What Moz wanted to do was lean her backwards slightly and slide his fingers between her legs. Instead he made do with reaching round to the small of her back, feeling her spine sharp beneath his fingers.

"You okay?" he asked.

Malika's nod was as brief as his happiness.

"You're crying."

The girl shrugged.

"I can stop," said Moz.

Malika shook her head, "No need."

On the ruined palace opposite, the solitary stork was preparing to bathe in the last of the afternoon's sun, shifting itself out of the shadow now that evening had begun to blunt the worst of the day's heat.

Moz kissed her again, more softly this time. And as Moz tasted Malika's tears on his own lips her hands reached up to twist into his hair, locking him into a long salt embrace.

Somewhere between the sadness and the settling to sleep of that solitary stork, Moz's fingers dropped from the small of Malika's back to the waistband of her white knickers and crept under the tired elastic.

She let his hand go where it would.

"Enough," Malika said finally. "We'd better get ready." And with that she stood, leaving Moz with a stain spreading across the front of his new trousers. He tried not to mind that she turned her back on him to adjust herself, fingers hooking between her legs to free crumpled cotton.

CHAPTER 30

New York, Friday 6 July [Now]

"So, let's go through this again. You met him where?"

Bill Hagsteen sat across the table from a man in a black suit, a spread of newspapers covering most of the space between them. About a quarter of these were American, the rest foreign. It was the foreign ones that seemed to upset the man in the suit most.

The man had not bothered to introduce himself but the fact two officers from NYPD's Sixth Precinct stood up when he came in told Bill Hagsteen all he needed to know.

The thickset officer had carried away Bill's iMac, his PowerBook, his PalmPilot, his digital recorder, his camera and his MP3, while the young one, the Hispanic kid with the cheekbones, had fastened the door to Bill's brownstone with a plastic seal the size of the Pope's fist and run a length of police tape across the bottom of his stoop.

After this, they ran him down to the Sixth and there he'd stayed. Occasionally people would poke their head round the door but that seemed mostly to take a look at him. Once someone offered him coffee and donuts and when he refused brought them anyway.

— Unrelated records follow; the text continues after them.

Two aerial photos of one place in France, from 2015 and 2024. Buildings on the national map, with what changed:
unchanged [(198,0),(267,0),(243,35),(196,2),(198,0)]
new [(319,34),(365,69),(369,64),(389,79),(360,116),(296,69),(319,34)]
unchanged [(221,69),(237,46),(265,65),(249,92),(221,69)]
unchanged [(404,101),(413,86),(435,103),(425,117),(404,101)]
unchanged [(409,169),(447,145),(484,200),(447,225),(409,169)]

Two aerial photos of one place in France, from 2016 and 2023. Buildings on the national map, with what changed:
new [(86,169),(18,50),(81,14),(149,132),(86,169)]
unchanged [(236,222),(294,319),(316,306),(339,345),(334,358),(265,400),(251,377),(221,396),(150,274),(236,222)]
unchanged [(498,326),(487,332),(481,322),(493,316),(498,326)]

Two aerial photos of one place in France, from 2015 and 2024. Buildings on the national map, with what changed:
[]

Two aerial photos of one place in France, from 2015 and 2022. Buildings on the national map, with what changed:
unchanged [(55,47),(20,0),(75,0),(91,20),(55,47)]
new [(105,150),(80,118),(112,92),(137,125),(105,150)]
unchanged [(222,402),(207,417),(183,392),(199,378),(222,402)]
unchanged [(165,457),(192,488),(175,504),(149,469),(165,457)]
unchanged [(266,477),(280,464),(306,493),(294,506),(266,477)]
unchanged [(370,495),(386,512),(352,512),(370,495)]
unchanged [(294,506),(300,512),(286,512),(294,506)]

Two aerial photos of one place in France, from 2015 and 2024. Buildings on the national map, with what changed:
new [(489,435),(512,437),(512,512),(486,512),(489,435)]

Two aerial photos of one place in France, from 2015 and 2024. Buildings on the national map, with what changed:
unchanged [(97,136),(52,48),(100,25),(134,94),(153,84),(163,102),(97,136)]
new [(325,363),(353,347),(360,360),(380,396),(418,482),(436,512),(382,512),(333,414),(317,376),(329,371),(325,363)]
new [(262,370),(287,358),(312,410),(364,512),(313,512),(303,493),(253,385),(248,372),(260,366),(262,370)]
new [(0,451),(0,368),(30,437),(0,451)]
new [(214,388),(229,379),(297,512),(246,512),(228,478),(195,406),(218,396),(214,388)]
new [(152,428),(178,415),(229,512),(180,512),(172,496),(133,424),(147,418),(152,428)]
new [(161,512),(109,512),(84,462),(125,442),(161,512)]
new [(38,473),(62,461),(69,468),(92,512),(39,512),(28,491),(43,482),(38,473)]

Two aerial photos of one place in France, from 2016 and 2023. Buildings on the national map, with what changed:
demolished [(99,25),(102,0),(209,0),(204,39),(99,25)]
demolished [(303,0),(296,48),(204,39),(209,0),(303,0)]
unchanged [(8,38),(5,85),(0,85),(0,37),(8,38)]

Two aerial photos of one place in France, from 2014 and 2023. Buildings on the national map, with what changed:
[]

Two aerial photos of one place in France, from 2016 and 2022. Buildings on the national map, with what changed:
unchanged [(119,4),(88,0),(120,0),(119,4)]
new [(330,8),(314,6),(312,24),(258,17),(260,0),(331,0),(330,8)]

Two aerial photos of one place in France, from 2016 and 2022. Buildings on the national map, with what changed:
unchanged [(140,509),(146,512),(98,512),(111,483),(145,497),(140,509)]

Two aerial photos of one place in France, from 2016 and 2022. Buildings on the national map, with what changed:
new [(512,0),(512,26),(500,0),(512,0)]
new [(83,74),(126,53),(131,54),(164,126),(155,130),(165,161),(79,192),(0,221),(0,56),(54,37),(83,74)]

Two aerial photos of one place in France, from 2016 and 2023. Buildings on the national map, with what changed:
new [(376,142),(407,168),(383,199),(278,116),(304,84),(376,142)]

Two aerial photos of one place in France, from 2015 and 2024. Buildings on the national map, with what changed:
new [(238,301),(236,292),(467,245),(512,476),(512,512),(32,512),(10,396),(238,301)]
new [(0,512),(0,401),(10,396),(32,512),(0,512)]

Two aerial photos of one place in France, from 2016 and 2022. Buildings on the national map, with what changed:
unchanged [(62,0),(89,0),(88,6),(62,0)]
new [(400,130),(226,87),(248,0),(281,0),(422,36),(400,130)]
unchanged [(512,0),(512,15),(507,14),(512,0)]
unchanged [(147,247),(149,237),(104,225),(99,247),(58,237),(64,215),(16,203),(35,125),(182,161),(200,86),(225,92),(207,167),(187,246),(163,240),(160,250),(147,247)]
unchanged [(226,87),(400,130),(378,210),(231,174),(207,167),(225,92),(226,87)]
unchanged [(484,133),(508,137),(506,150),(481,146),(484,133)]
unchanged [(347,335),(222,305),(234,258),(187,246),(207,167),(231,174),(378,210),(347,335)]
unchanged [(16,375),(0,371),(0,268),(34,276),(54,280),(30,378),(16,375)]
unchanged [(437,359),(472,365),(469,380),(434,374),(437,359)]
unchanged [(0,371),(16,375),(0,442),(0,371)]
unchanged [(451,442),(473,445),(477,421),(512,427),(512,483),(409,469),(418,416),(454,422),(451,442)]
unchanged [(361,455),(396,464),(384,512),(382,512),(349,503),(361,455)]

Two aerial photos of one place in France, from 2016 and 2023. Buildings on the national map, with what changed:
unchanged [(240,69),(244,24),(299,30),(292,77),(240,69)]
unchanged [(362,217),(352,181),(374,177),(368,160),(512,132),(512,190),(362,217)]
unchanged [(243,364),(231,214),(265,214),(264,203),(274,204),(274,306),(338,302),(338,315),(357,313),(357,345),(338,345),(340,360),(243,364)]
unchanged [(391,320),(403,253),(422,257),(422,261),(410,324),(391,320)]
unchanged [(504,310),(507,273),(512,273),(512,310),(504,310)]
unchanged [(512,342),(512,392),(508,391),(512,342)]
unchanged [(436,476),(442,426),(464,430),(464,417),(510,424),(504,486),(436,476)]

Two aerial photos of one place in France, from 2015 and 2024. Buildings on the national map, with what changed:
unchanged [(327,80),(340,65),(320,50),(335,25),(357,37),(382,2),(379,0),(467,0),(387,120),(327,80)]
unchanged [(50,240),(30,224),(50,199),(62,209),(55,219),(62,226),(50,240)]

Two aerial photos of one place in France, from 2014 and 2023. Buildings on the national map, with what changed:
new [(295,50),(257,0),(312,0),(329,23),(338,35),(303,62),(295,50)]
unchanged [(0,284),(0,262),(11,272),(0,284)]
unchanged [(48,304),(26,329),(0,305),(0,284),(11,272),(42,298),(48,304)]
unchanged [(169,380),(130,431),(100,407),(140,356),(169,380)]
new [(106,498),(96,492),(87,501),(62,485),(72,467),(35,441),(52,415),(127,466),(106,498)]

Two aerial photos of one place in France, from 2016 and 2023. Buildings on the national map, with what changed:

All of which changed when the suit arrived.

Bill Hagsteen was the journalist who'd put a name to the man in Vice Questore Pier Angelo's photograph. The man in the suit was not at all happy about that. Nor, it seemed, were Jake Razor's family, who had issued a press release, through a very expensive New York lawyer, informing the world that Jake had died in a fire in Amsterdam fifteen years earlier.